O role-play educacional, atividade na qual os estudantes assumem um papel ficcional e realizam ações em nome de um personagem, possui características que permitem aos estudantes engajarem-se física e mentalmente nas aulas, a expressarem-se em contextos científicos e a desenvolver o entendimento de conceitos complexos (MCSHARRY e JONES, 2000; CROW e NELSON, 2015). Dessa forma, a audiência pública simulada que realizamos contou com elementos de role-play educacional, na qual cada dupla de estudantes seria responsável por representar as opiniões de setores de interesse em relação à questão nuclear brasileira. Os quatro setores estabelecidos foram: os moradores do município de Angra dos Reis, representantes políticos diretamente envolvidos com assuntos nucleares,

representantes de empresas do setor nuclear e membros da Diretoria da Sociedade Brasileira de Física (SBF). A escolha dos quatro setores foi feita pelo pesquisador.

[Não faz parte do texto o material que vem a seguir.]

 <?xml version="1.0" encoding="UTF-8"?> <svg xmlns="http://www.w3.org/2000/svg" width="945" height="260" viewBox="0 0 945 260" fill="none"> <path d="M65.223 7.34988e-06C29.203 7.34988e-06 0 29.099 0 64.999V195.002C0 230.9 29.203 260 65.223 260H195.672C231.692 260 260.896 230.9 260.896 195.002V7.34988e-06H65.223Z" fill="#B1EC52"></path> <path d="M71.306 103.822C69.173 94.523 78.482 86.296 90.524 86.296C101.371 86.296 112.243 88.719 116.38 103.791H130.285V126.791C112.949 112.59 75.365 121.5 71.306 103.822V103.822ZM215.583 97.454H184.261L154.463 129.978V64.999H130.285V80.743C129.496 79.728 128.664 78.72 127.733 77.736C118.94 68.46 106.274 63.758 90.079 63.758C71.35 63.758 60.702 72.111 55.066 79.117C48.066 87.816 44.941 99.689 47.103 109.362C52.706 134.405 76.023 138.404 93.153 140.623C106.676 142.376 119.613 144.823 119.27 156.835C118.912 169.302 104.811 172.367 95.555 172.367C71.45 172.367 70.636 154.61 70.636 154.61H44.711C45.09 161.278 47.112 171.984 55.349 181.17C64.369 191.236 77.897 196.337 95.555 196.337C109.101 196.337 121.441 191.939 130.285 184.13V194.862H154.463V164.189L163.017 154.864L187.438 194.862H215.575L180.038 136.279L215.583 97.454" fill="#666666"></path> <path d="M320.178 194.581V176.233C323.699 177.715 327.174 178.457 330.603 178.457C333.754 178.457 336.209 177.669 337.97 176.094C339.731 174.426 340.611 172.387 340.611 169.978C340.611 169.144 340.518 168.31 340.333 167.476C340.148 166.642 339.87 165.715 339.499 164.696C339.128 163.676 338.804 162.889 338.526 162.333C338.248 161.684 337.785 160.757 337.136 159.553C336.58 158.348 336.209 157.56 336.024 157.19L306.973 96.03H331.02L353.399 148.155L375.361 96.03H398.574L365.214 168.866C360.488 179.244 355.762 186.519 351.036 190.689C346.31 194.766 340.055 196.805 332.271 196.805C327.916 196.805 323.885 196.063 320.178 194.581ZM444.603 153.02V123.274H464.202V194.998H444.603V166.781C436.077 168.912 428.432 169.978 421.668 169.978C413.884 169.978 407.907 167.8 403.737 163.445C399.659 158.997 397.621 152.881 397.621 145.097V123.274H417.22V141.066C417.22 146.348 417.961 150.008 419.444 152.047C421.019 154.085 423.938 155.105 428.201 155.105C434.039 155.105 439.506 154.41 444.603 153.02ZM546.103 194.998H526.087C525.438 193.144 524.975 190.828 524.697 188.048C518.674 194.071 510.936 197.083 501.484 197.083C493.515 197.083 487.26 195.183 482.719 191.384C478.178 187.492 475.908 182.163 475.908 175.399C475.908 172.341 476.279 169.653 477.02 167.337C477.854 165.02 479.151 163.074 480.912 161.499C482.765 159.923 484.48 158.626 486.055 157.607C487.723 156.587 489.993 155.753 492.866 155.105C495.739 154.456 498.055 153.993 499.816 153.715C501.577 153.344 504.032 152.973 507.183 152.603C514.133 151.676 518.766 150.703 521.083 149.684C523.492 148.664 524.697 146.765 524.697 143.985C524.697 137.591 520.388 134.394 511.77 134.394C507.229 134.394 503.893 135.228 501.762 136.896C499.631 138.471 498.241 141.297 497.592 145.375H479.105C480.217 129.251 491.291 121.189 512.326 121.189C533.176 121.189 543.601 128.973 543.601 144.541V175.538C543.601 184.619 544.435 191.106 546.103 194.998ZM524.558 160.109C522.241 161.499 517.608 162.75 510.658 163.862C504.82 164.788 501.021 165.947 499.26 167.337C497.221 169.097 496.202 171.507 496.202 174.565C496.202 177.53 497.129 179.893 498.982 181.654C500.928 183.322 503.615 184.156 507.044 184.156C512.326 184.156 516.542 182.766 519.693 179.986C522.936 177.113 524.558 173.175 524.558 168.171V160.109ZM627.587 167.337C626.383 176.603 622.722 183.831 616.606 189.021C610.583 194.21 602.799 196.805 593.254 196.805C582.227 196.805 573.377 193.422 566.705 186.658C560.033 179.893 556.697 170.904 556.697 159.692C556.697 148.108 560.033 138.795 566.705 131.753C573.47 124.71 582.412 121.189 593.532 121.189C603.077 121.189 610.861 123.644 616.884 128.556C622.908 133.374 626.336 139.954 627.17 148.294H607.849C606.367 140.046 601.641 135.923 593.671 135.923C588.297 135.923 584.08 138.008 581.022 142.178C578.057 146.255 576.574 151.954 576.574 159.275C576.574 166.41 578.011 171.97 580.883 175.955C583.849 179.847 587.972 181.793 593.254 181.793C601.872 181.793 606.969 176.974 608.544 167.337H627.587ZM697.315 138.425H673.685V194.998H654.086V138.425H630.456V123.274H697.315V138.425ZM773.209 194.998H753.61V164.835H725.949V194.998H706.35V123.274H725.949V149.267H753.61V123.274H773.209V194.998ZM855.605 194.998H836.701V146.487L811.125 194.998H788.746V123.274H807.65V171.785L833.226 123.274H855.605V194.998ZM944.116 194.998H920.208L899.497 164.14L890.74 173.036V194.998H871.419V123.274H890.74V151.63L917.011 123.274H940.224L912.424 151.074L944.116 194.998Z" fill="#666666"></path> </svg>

Como tínhamos um número ímpar de estudantes (o estudante Bernardo não pôde participar da atividade 04), formamos três duplas e um estudante trabalhou sozinho. As duplas não foram formadas pelo pesquisador ou pela professora da disciplina, mas decididas pelos próprios estudantes. As carteiras foram dispostas em semicírculo, a professora da disciplina posicionou-se em um dos extremos da sala e o pesquisador sentou-se de frente para os estudantes, como representando na figura abaixo.

Figura 05 - Organização dos participantes durante a atividade 04.

Durante as atividades 01, 02 e 03 e 04, as interações discursivas foram todas registradas em vídeo, para posterior transcrição e análise.